LISTED RECORDS
++++++
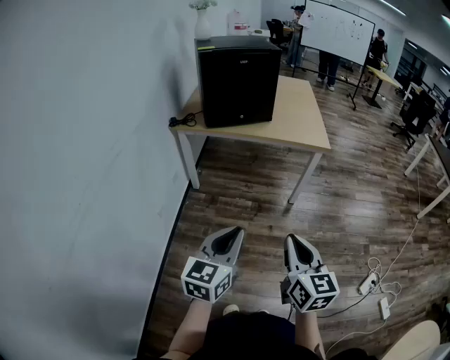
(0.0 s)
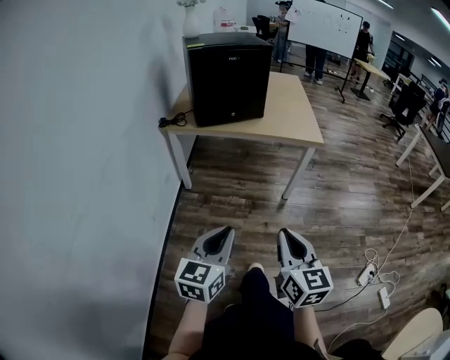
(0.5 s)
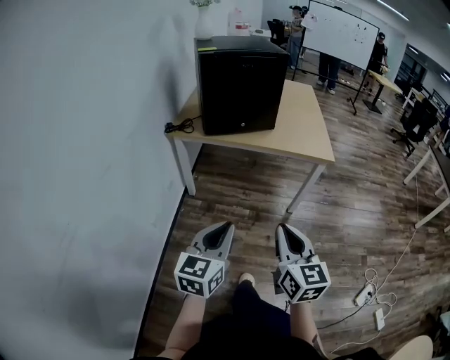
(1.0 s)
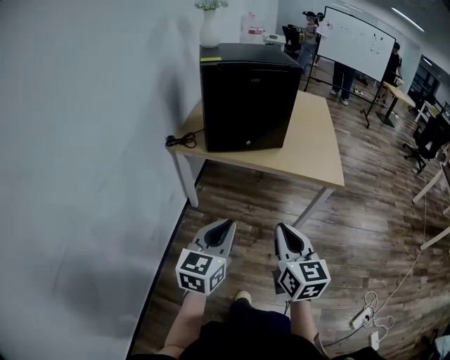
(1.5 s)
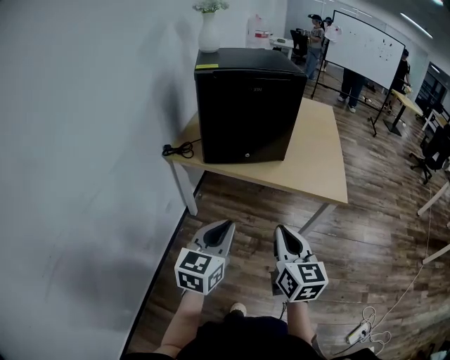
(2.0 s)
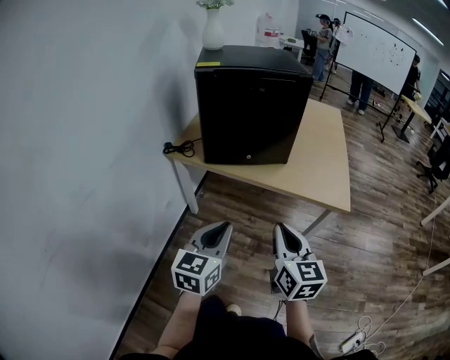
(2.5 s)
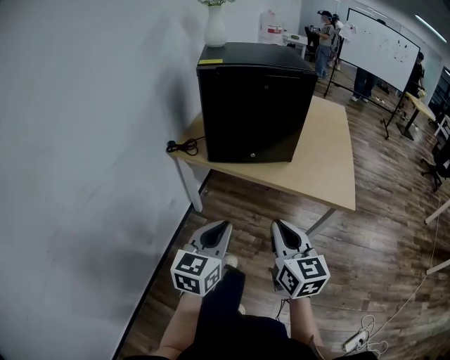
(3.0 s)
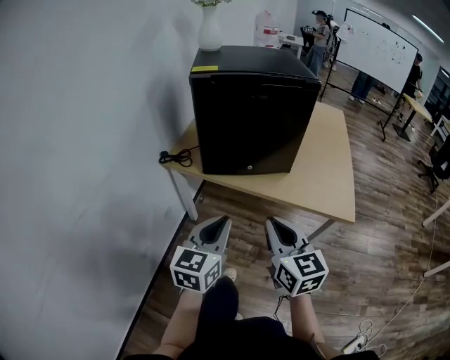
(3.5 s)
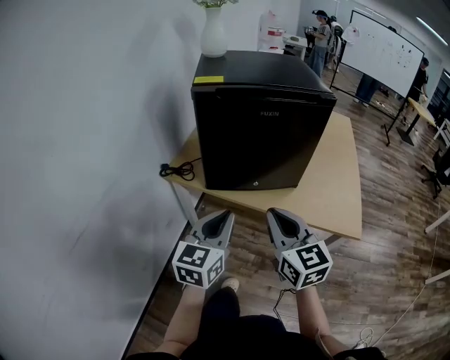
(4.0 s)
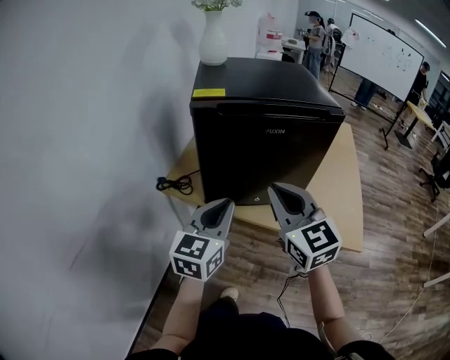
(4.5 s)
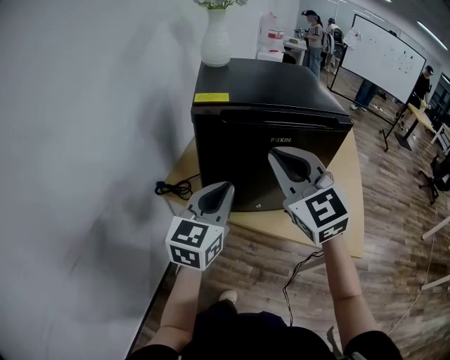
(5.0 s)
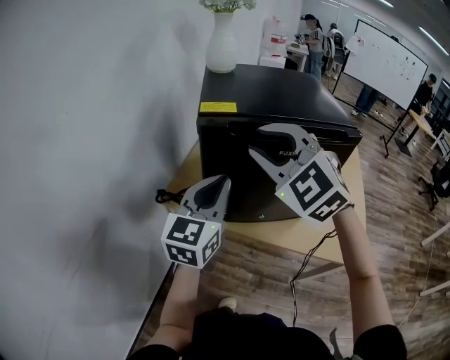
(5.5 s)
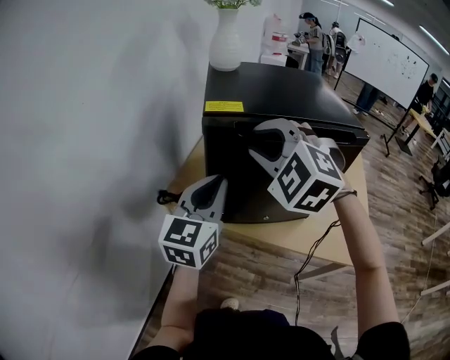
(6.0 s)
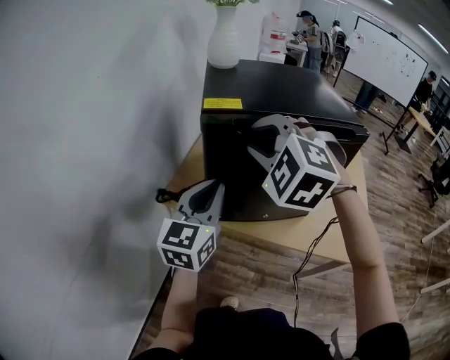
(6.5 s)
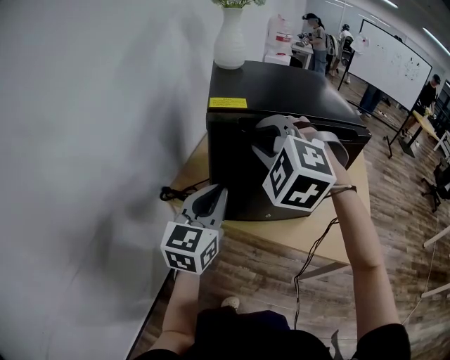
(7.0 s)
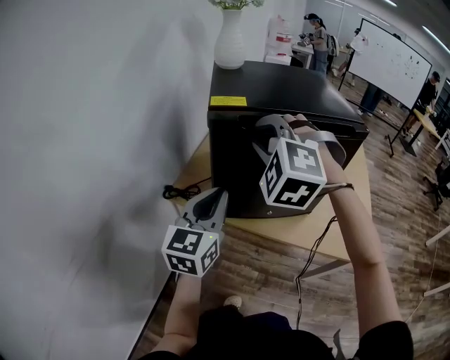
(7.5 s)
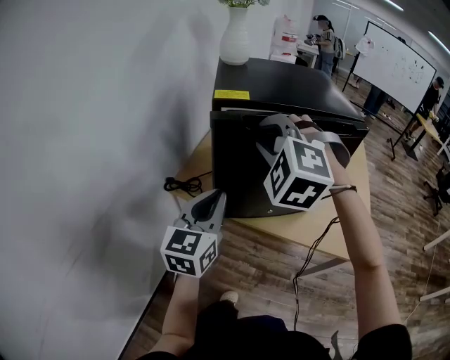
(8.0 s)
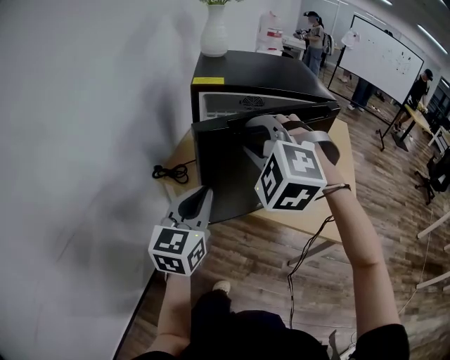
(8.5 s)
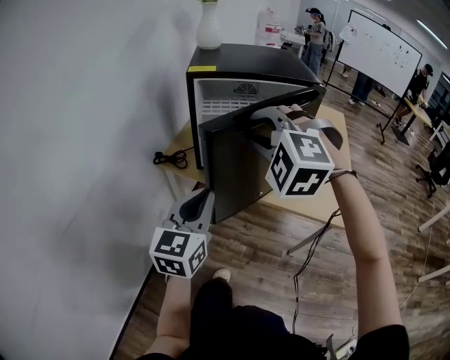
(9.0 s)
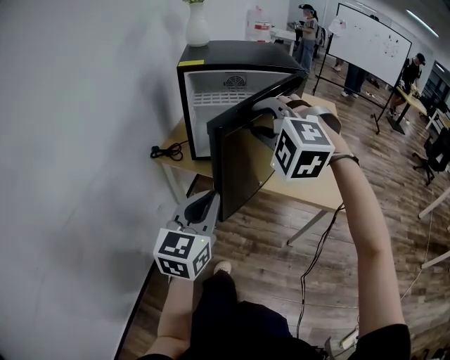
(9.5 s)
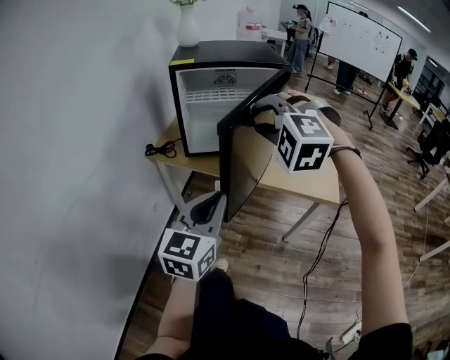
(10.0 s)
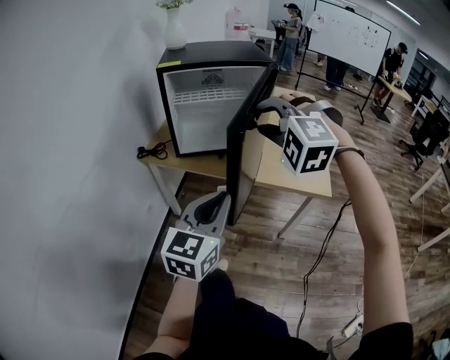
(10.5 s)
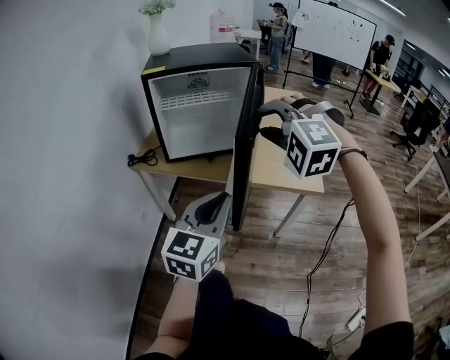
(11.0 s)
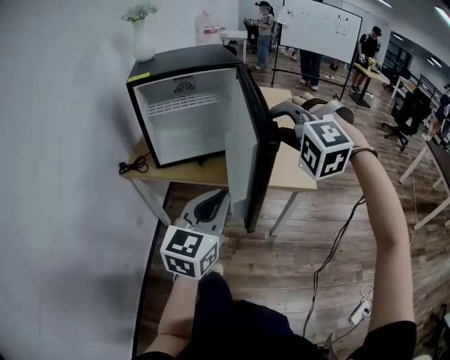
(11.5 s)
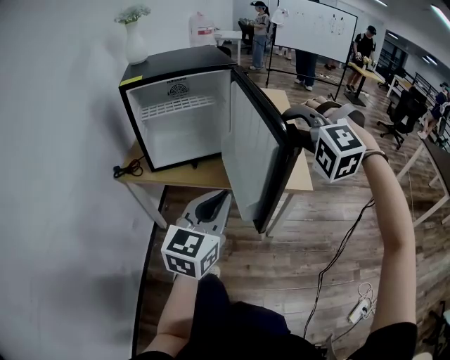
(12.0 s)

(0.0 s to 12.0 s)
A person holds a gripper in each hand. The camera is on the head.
0.0 s - 2.0 s: Both grippers move forward, about 35 cm.
2.0 s - 4.0 s: Both grippers travel together forward, approximately 20 cm.
4.0 s - 6.0 s: The left gripper is displaced forward and upward by about 20 cm. Meanwhile the right gripper shifts some 30 cm forward, upward and to the left, rotates around the line of its fingers by approximately 60 degrees, counterclockwise from behind, and opens.
6.0 s - 8.0 s: The left gripper goes approximately 5 cm backward.
8.0 s - 10.0 s: Both grippers move backward and to the right, about 25 cm.
10.0 s - 12.0 s: The right gripper shifts about 20 cm to the right, while the left gripper moves to the right, approximately 10 cm.
++++++
WHAT TO DO
The complete material, set down exactly and stripped of pictures, is the expected response.

TASK SOLUTION
(0.0 s)
(0.5 s)
(1.0 s)
(1.5 s)
(2.0 s)
(2.5 s)
(3.0 s)
(3.5 s)
(4.0 s)
(4.5 s)
(5.0 s)
(5.5 s)
(6.0 s)
(6.5 s)
(7.0 s)
(7.5 s)
(8.0 s)
(8.5 s)
(9.0 s)
(9.5 s)
(10.0 s)
(10.5 s)
(11.0 s)
(11.5 s)
(12.0 s)

(0.0 s to 12.0 s)
A person holds a gripper in each hand. The camera is on the head.
0.0 s - 2.0 s: Both grippers move forward, about 35 cm.
2.0 s - 4.0 s: Both grippers travel together forward, approximately 20 cm.
4.0 s - 6.0 s: The left gripper is displaced forward and upward by about 20 cm. Meanwhile the right gripper shifts some 30 cm forward, upward and to the left, rotates around the line of its fingers by approximately 60 degrees, counterclockwise from behind, and opens.
6.0 s - 8.0 s: The left gripper goes approximately 5 cm backward.
8.0 s - 10.0 s: Both grippers move backward and to the right, about 25 cm.
10.0 s - 12.0 s: The right gripper shifts about 20 cm to the right, while the left gripper moves to the right, approximately 10 cm.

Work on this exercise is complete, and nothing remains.